(What the task asks) Quote the records exactly, starting at the first line and stopping after the line with "69.881C77.532 69.881 133.2"; skip the pictures.

(Items from a dataset)
--
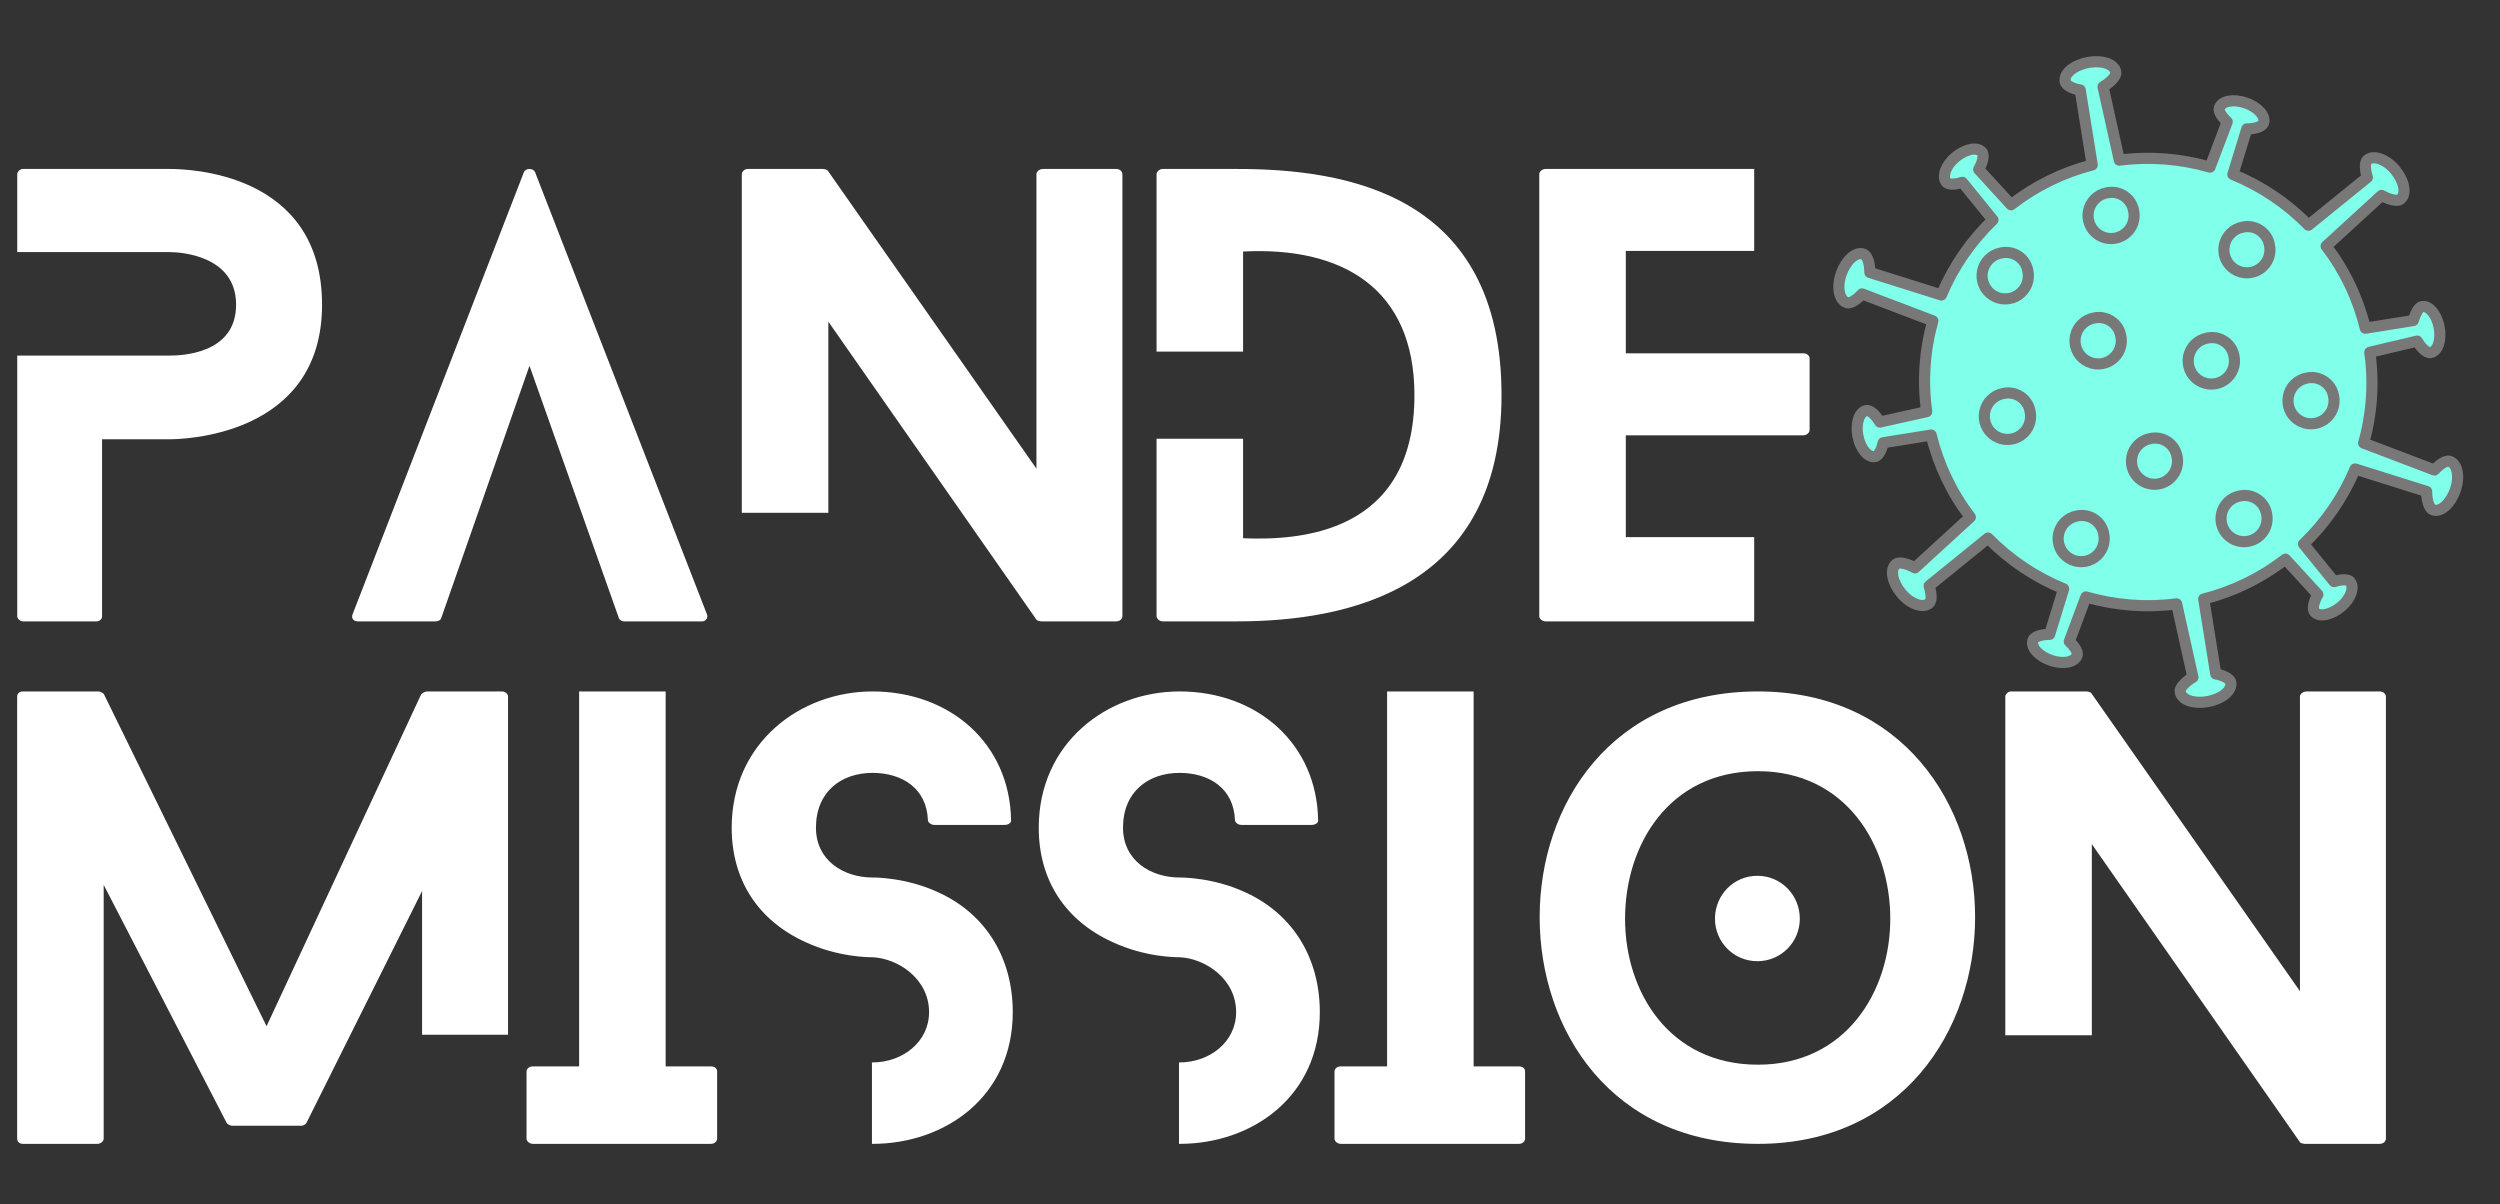 <svg width="1034" height="498" viewBox="0 0 1034 498" fill="none" xmlns="http://www.w3.org/2000/svg">
<rect x="0" y="0" width="1034" height="498" fill="#333333" stroke="none"/>
<path d="M70.048 69.881C77.532 69.881 133.2 71.05 133.2 126.016C133.2 180.983 74.492 181.684 70.048 181.684H42.214V254.895C42.214 255.831 41.512 257 39.875 257H9.468C8.298 257 7.129 255.831 7.129 254.895V147.067H70.048C74.726 147.067 97.648 146.6 97.648 126.016C97.648 105.433 74.258 104.264 70.048 104.264H7.129V71.986C7.129 71.05 8.298 69.881 9.468 69.881H70.048ZM292.438 254.193C292.906 255.597 291.97 257 290.333 257H258.055C257.353 257 256.184 256.532 255.95 255.597L218.994 151.278L182.506 255.597C182.272 256.532 181.102 257 180.167 257H148.122C146.017 257 145.316 255.597 145.783 254.193L216.655 71.284C217.357 69.413 220.631 69.413 221.333 71.284L292.438 254.193ZM461.653 69.881C463.291 69.881 464.226 71.05 464.226 71.986V254.895C464.226 255.831 463.291 257 461.653 257H430.779C430.311 257 428.907 256.766 428.673 256.298L342.599 133.033V212.091H306.812V71.986C306.812 71.05 307.981 69.881 309.151 69.881H340.26C340.727 69.881 342.131 70.115 342.365 70.582L428.673 193.847V71.986C428.673 71.05 429.843 69.881 431.48 69.881H461.653ZM511.567 69.881C557.177 69.881 621.032 80.406 621.032 163.44C621.032 243.434 558.113 257 511.567 257H480.926C479.523 257 478.353 255.831 478.353 254.895V181.451H514.14V222.617C536.828 223.552 585.011 221.213 585.011 163.44C585.011 118.999 554.838 101.925 514.14 104.03V145.43H478.353V71.986C478.353 71.05 479.523 69.881 480.926 69.881H511.567ZM639.219 257C637.816 257 636.646 255.831 636.646 254.895V71.986C636.646 71.05 637.816 69.881 639.219 69.881H725.528V103.796H672.433V146.132H745.877C747.281 146.132 748.45 147.067 748.45 148.237V177.942C748.45 178.878 747.281 180.047 745.877 180.047H672.433V222.149H725.528V257H639.219Z" fill="white"/>
<path d="M126.852 464.212C126.618 464.914 125.448 465.615 124.747 465.615H95.977C95.275 465.615 93.872 464.914 93.638 464.212L42.882 365.974V470.995C42.882 471.931 41.712 473.1 40.309 473.1H9.434C7.797 473.1 7.095 471.931 7.095 470.995V288.086C7.095 287.15 7.797 285.981 9.434 285.981H40.777C41.479 285.981 42.882 286.682 43.116 287.384L110.245 424.449L174.099 287.384C174.567 286.682 175.737 285.981 176.672 285.981H207.547C209.184 285.981 210.12 287.15 210.12 288.086V427.958H174.567V368.547L126.852 464.212ZM294.028 441.056C295.665 441.056 296.6 441.992 296.6 443.161V470.995C296.6 471.931 295.665 473.1 294.028 473.1H220.349C218.946 473.1 217.776 471.931 217.776 470.995V443.161C217.776 441.992 218.946 441.056 220.349 441.056H239.529V285.981H275.316V441.056H294.028ZM388.47 369.249C408.117 378.371 418.877 396.615 418.877 418.602C418.877 453.686 390.809 473.1 360.87 473.1H360.636V439.419H360.87C373.266 439.419 384.26 430.998 384.26 418.602C384.26 404.802 371.395 396.381 360.87 395.913C359.232 395.913 346.602 395.913 333.036 389.598C313.622 380.71 302.629 364.103 302.629 342.35C302.629 307.266 330.931 285.981 360.87 285.981C392.914 285.981 417.707 307.499 418.175 339.31C418.409 340.011 417.239 341.181 415.602 341.181H386.365C384.961 341.181 383.792 340.011 383.792 339.31C383.324 325.978 373.033 319.662 360.87 319.662C348.005 319.662 337.48 327.381 337.48 342.35C337.48 355.917 348.941 362.934 360.87 362.934C362.039 362.934 375.138 362.934 388.47 369.249ZM515.47 369.249C535.117 378.371 545.877 396.615 545.877 418.602C545.877 453.686 517.809 473.1 487.87 473.1H487.636V439.419H487.87C500.266 439.419 511.26 430.998 511.26 418.602C511.26 404.802 498.395 396.381 487.87 395.913C486.232 395.913 473.602 395.913 460.036 389.598C440.622 380.71 429.629 364.103 429.629 342.35C429.629 307.266 457.931 285.981 487.87 285.981C519.914 285.981 544.707 307.499 545.175 339.31C545.409 340.011 544.239 341.181 542.602 341.181H513.365C511.961 341.181 510.792 340.011 510.792 339.31C510.324 325.978 500.032 319.662 487.87 319.662C475.005 319.662 464.48 327.381 464.48 342.35C464.48 355.917 475.941 362.934 487.87 362.934C489.039 362.934 502.138 362.934 515.47 369.249ZM628.202 441.056C629.839 441.056 630.775 441.992 630.775 443.161V470.995C630.775 471.931 629.839 473.1 628.202 473.1H554.524C553.12 473.1 551.951 471.931 551.951 470.995V443.161C551.951 441.992 553.12 441.056 554.524 441.056H573.703V285.981H609.49V441.056H628.202ZM744.397 380.008C744.397 389.598 736.678 397.551 726.854 397.551C717.031 397.551 709.312 389.598 709.312 380.008C709.312 370.184 717.031 362.232 726.854 362.232C736.678 362.232 744.397 370.184 744.397 380.008ZM636.803 379.307C636.803 332.761 666.508 285.981 727.088 285.981C786.733 285.981 816.906 332.761 816.906 379.307C816.906 426.086 786.733 473.1 727.088 473.1C666.508 473.1 636.803 426.086 636.803 379.307ZM672.122 380.008C672.122 410.181 690.366 440.354 727.088 440.354C763.343 440.354 781.821 410.181 781.821 380.008C781.821 349.367 763.343 318.961 727.088 318.961C690.366 318.961 672.122 349.367 672.122 380.008ZM984.238 285.981C985.876 285.981 986.811 287.15 986.811 288.086V470.995C986.811 471.931 985.876 473.1 984.238 473.1H953.364C952.896 473.1 951.493 472.866 951.259 472.398L865.184 349.134V428.191H829.397V288.086C829.397 287.15 830.567 285.981 831.736 285.981H862.845C863.313 285.981 864.716 286.215 864.95 286.682L951.259 409.947V288.086C951.259 287.15 952.428 285.981 954.065 285.981H984.238Z" fill="white"/>
<path d="M999.756 141.077C1000.94 143.102 1003.41 146.196 1005.35 145.824C1008.29 145.263 1009.84 140.559 1008.83 135.31C1007.83 130.061 1004.66 126.256 1001.72 126.818C999.958 127.155 998.818 130.516 998.131 132.57L978.289 135.75C975.308 123.427 969.792 111.861 962.094 101.789L985.01 80.809C987.23 82.12 991.328 83.683 992.939 82.296C995.434 80.131 994.368 74.8 990.649 70.304C986.929 65.808 981.659 64.001 979.164 66.166C977.717 67.427 978.451 71.273 979.138 73.394L954.769 93.15C945.893 84.088 935.253 76.942 923.508 72.151L929.291 53.318C931.641 53.338 935.558 52.73 936.189 50.875C937.198 48.055 933.905 44.322 928.834 42.57C923.762 40.819 918.911 41.698 917.928 44.653C917.353 46.311 919.697 49.006 921.176 50.365L914.065 69.124C901.893 65.597 889.124 64.618 876.556 66.25L869.818 35.877C872.06 34.605 875.473 31.843 875.066 29.716C874.453 26.503 869.426 24.742 863.498 25.874C857.57 27.007 853.546 30.495 854.16 33.709C854.531 35.654 858.198 36.924 860.364 37.214L865.344 68.204C853.142 71.349 841.715 76.963 831.77 84.7L818.379 70.091C819.581 68.032 820.986 64.34 819.725 62.892C817.784 60.59 812.914 61.613 808.819 64.975C804.724 68.337 803.101 73.103 805.042 75.406C806.187 76.735 809.852 76.035 811.656 75.409L824.288 90.96C815.134 99.742 807.878 110.306 802.966 122.002L773.374 112.691C773.396 110.107 772.711 105.782 770.702 105.087C767.585 103.994 763.497 107.636 761.551 113.167C759.606 118.698 760.589 124.091 763.842 125.159C765.652 125.798 768.629 123.212 770.143 121.563L799.43 132.714C795.985 144.915 795.12 157.699 796.89 170.253L777.499 174.566C776.315 172.541 773.848 169.447 771.902 169.819C768.96 170.381 767.42 175.084 768.422 180.333C769.425 185.582 772.59 189.387 775.532 188.825C777.297 188.488 778.437 185.128 778.897 183.117L798.74 179.937C801.721 192.259 807.236 203.825 814.935 213.898L792.019 234.878C789.753 233.575 785.701 232.004 784.09 233.39C781.595 235.555 782.66 240.886 786.38 245.382C790.1 249.878 795.37 251.686 797.864 249.521C799.312 248.259 798.577 244.413 797.891 242.293L822.26 222.536C831.136 231.598 841.775 238.744 853.521 243.535L847.737 262.369C845.388 262.348 841.471 262.956 840.84 264.812C839.831 267.631 843.123 271.364 848.195 273.116C853.267 274.868 858.118 273.988 859.101 271.033C859.676 269.376 857.332 266.681 855.853 265.322L862.744 246.886C874.916 250.413 887.685 251.391 900.253 249.76L906.992 280.132C904.749 281.405 901.336 284.167 901.734 286.249C902.356 289.507 907.383 291.268 913.311 290.135C919.239 289.003 923.263 285.514 922.641 282.256C922.278 280.355 918.611 279.086 916.437 278.751L911.456 247.761C923.74 244.646 935.25 239.031 945.266 231.266L958.656 245.876C957.454 247.934 956.049 251.627 957.31 253.074C959.251 255.377 964.121 254.353 968.216 250.991C972.312 247.63 973.934 242.864 971.993 240.561C970.803 239.241 967.183 239.932 965.379 240.558L952.747 225.007C961.901 216.225 969.158 205.66 974.07 193.965L1003.66 203.275C1003.64 205.859 1004.32 210.184 1006.33 210.88C1009.45 211.973 1013.54 208.331 1015.48 202.8C1017.43 197.269 1016.45 191.875 1013.19 190.808C1011.34 190.177 1008.41 192.754 1006.89 194.404L977.605 183.252C981.05 171.052 981.915 158.267 980.145 145.714L999.756 141.077Z" fill="#80FFEA" stroke="#787878" stroke-width="4.607" stroke-linecap="round" stroke-linejoin="round"/>
<path d="M882.448 87.029C882.867 88.882 882.723 90.818 882.035 92.588C881.347 94.359 880.146 95.884 878.585 96.967C877.025 98.051 875.176 98.644 873.277 98.67C871.377 98.696 869.513 98.154 867.924 97.114C866.334 96.073 865.092 94.582 864.355 92.831C863.619 91.08 863.422 89.149 863.79 87.285C864.159 85.421 865.075 83.71 866.422 82.371C867.77 81.032 869.486 80.125 871.352 79.768C872.559 79.493 873.808 79.465 875.026 79.683C876.245 79.903 877.406 80.365 878.442 81.042C879.477 81.72 880.366 82.6 881.054 83.628C881.742 84.657 882.216 85.813 882.448 87.029Z" fill="#80FFEA" stroke="#787878" stroke-width="4.607" stroke-linecap="round" stroke-linejoin="round"/>
<path d="M839.62 170.019C840.051 171.881 839.915 173.828 839.23 175.612C838.545 177.396 837.343 178.934 835.777 180.029C834.211 181.125 832.354 181.727 830.444 181.759C828.533 181.791 826.657 181.251 825.056 180.208C823.454 179.166 822.201 177.668 821.457 175.909C820.713 174.149 820.513 172.207 820.881 170.332C821.249 168.457 822.169 166.735 823.523 165.387C824.877 164.038 826.603 163.126 828.479 162.766C829.689 162.485 830.942 162.45 832.165 162.666C833.388 162.881 834.555 163.341 835.595 164.018C836.636 164.696 837.529 165.577 838.221 166.608C838.912 167.639 839.388 168.799 839.62 170.019Z" fill="#80FFEA" stroke="#787878" stroke-width="4.607" stroke-linecap="round" stroke-linejoin="round"/>
<path d="M877.136 138.793C877.567 140.656 877.43 142.606 876.744 144.391C876.057 146.176 874.852 147.715 873.283 148.81C871.715 149.904 869.855 150.504 867.942 150.533C866.03 150.561 864.153 150.017 862.552 148.969C860.952 147.922 859.701 146.42 858.962 144.656C858.223 142.892 858.028 140.947 858.403 139.071C858.778 137.196 859.706 135.476 861.067 134.132C862.428 132.788 864.16 131.882 866.04 131.531C867.247 131.257 868.497 131.228 869.715 131.447C870.933 131.666 872.095 132.128 873.13 132.806C874.166 133.484 875.054 134.363 875.742 135.392C876.431 136.42 876.905 137.577 877.136 138.793Z" fill="#80FFEA" stroke="#787878" stroke-width="4.607" stroke-linecap="round" stroke-linejoin="round"/>
<path d="M870.073 220.675C870.492 222.528 870.348 224.464 869.66 226.234C868.972 228.005 867.771 229.53 866.21 230.613C864.65 231.697 862.801 232.289 860.902 232.316C859.002 232.342 857.138 231.8 855.549 230.76C853.959 229.719 852.717 228.228 851.98 226.477C851.244 224.726 851.047 222.795 851.415 220.931C851.784 219.067 852.7 217.356 854.047 216.017C855.395 214.678 857.111 213.771 858.977 213.414C860.184 213.139 861.433 213.11 862.651 213.329C863.869 213.548 865.031 214.011 866.067 214.688C867.102 215.366 867.991 216.245 868.679 217.274C869.367 218.303 869.841 219.459 870.073 220.675Z" fill="#80FFEA" stroke="#787878" stroke-width="4.607" stroke-linecap="round" stroke-linejoin="round"/>
<path d="M965.136 163.637C965.555 165.489 965.411 167.425 964.723 169.196C964.035 170.967 962.834 172.491 961.273 173.575C959.713 174.658 957.864 175.251 955.965 175.277C954.065 175.303 952.201 174.761 950.612 173.721C949.022 172.681 947.78 171.189 947.043 169.438C946.307 167.687 946.11 165.756 946.478 163.892C946.847 162.029 947.763 160.318 949.11 158.978C950.458 157.639 952.174 156.732 954.04 156.375C955.247 156.1 956.496 156.072 957.714 156.291C958.933 156.51 960.094 156.972 961.13 157.65C962.165 158.327 963.054 159.207 963.742 160.235C964.43 161.264 964.904 162.421 965.136 163.637Z" fill="#80FFEA" stroke="#787878" stroke-width="4.607" stroke-linecap="round" stroke-linejoin="round"/>
<path d="M900.405 188.663C900.824 190.516 900.68 192.452 899.992 194.222C899.304 195.993 898.103 197.518 896.542 198.601C894.982 199.684 893.133 200.277 891.234 200.303C889.334 200.329 887.47 199.788 885.881 198.747C884.291 197.707 883.049 196.216 882.312 194.465C881.576 192.714 881.379 190.782 881.747 188.919C882.116 187.055 883.032 185.344 884.379 184.005C885.727 182.665 887.443 181.759 889.309 181.401C890.516 181.127 891.765 181.098 892.983 181.317C894.202 181.536 895.363 181.998 896.399 182.676C897.434 183.354 898.323 184.233 899.011 185.262C899.699 186.29 900.173 187.447 900.405 188.663Z" fill="#80FFEA" stroke="#787878" stroke-width="4.607" stroke-linecap="round" stroke-linejoin="round"/>
<path d="M923.94 147.114C924.371 148.977 924.234 150.927 923.548 152.712C922.861 154.497 921.656 156.036 920.087 157.131C918.519 158.225 916.659 158.825 914.746 158.854C912.834 158.882 910.957 158.338 909.356 157.29C907.756 156.243 906.506 154.741 905.766 152.977C905.027 151.213 904.832 149.268 905.207 147.393C905.582 145.517 906.51 143.797 907.871 142.453C909.232 141.109 910.964 140.203 912.845 139.852C914.051 139.578 915.301 139.549 916.519 139.768C917.737 139.987 918.899 140.449 919.934 141.127C920.97 141.805 921.858 142.684 922.547 143.713C923.235 144.741 923.709 145.898 923.94 147.114Z" fill="#80FFEA" stroke="#787878" stroke-width="4.607" stroke-linecap="round" stroke-linejoin="round"/>
<path d="M938.624 101.206C939.044 103.059 938.9 104.995 938.212 106.765C937.524 108.536 936.322 110.061 934.762 111.144C933.202 112.227 931.353 112.82 929.454 112.846C927.554 112.872 925.69 112.331 924.101 111.29C922.511 110.25 921.268 108.759 920.532 107.008C919.796 105.257 919.599 103.325 919.967 101.462C920.335 99.598 921.252 97.887 922.599 96.548C923.946 95.208 925.663 94.302 927.529 93.944C928.735 93.67 929.985 93.641 931.203 93.86C932.421 94.079 933.583 94.541 934.618 95.219C935.654 95.897 936.542 96.776 937.231 97.805C937.919 98.833 938.393 99.99 938.624 101.206Z" fill="#80FFEA" stroke="#787878" stroke-width="4.607" stroke-linecap="round" stroke-linejoin="round"/>
<path d="M937.442 212.405C937.861 214.258 937.718 216.194 937.03 217.964C936.342 219.735 935.14 221.26 933.58 222.343C932.019 223.427 930.171 224.019 928.272 224.045C926.372 224.071 924.508 223.53 922.919 222.489C921.329 221.449 920.086 219.958 919.35 218.207C918.614 216.456 918.417 214.525 918.785 212.661C919.153 210.797 920.07 209.086 921.417 207.747C922.764 206.407 924.481 205.501 926.346 205.143C927.553 204.869 928.803 204.84 930.021 205.059C931.239 205.278 932.401 205.74 933.436 206.418C934.472 207.096 935.36 207.975 936.049 209.004C936.737 210.032 937.211 211.189 937.442 212.405Z" fill="#80FFEA" stroke="#787878" stroke-width="4.607" stroke-linecap="round" stroke-linejoin="round"/>
<path d="M838.699 111.894C839.129 113.756 838.993 115.703 838.308 117.487C837.624 119.271 836.421 120.809 834.856 121.905C833.29 123 831.433 123.602 829.522 123.634C827.612 123.666 825.736 123.126 824.134 122.083C822.533 121.041 821.28 119.544 820.536 117.784C819.792 116.024 819.591 114.082 819.959 112.207C820.327 110.332 821.247 108.61 822.601 107.262C823.955 105.914 825.681 105.001 827.558 104.641C828.767 104.36 830.021 104.326 831.244 104.541C832.467 104.756 833.633 105.216 834.674 105.894C835.715 106.571 836.608 107.452 837.299 108.483C837.991 109.514 838.467 110.674 838.699 111.894Z" fill="#80FFEA" stroke="#787878" stroke-width="4.607" stroke-linecap="round" stroke-linejoin="round"/>
</svg>
--
(Answer for this exercise)
 <svg width="1034" height="498" viewBox="0 0 1034 498" fill="none" xmlns="http://www.w3.org/2000/svg">
<rect x="0" y="0" width="1034" height="498" fill="#333333" stroke="none"/>
<path d="M70.048 69.881C77.532 69.881 133.2 71.05 133.2 126.016C133.2 180.983 74.492 181.684 70.048 181.684H42.214V254.895C42.214 255.831 41.512 257 39.875 257H9.468C8.298 257 7.129 255.831 7.129 254.895V147.067H70.048C74.726 147.067 97.648 146.6 97.648 126.016C97.648 105.433 74.258 104.264 70.048 104.264H7.129V71.986C7.129 71.05 8.298 69.881 9.468 69.881H70.048ZM292.438 254.193C292.906 255.597 291.97 257 290.333 257H258.055C257.353 257 256.184 256.532 255.95 255.597L218.994 151.278L182.506 255.597C182.272 256.532 181.102 257 180.167 257H148.122C146.017 257 145.316 255.597 145.783 254.193L216.655 71.284C217.357 69.413 220.631 69.413 221.333 71.284L292.438 254.193ZM461.653 69.881C463.291 69.881 464.226 71.05 464.226 71.986V254.895C464.226 255.831 463.291 257 461.653 257H430.779C430.311 257 428.907 256.766 428.673 256.298L342.599 133.033V212.091H306.812V71.986C306.812 71.05 307.981 69.881 309.151 69.881H340.26C340.727 69.881 342.131 70.115 342.365 70.582L428.673 193.847V71.986C428.673 71.05 429.843 69.881 431.48 69.881H461.653ZM511.567 69.881C557.177 69.881 621.032 80.406 621.032 163.44C621.032 243.434 558.113 257 511.567 257H480.926C479.523 257 478.353 255.831 478.353 254.895V181.451H514.14V222.617C536.828 223.552 585.011 221.213 585.011 163.44C585.011 118.999 554.838 101.925 514.14 104.03V145.43H478.353V71.986C478.353 71.05 479.523 69.881 480.926 69.881H511.567ZM639.219 257C637.816 257 636.646 255.831 636.646 254.895V71.986C636.646 71.05 637.816 69.881 639.219 69.881H725.528V103.796H672.433V146.132H745.877C747.281 146.132 748.45 147.067 748.45 148.237V177.942C748.45 178.878 747.281 180.047 745.877 180.047H672.433V222.149H725.528V257H639.219Z" fill="white"/>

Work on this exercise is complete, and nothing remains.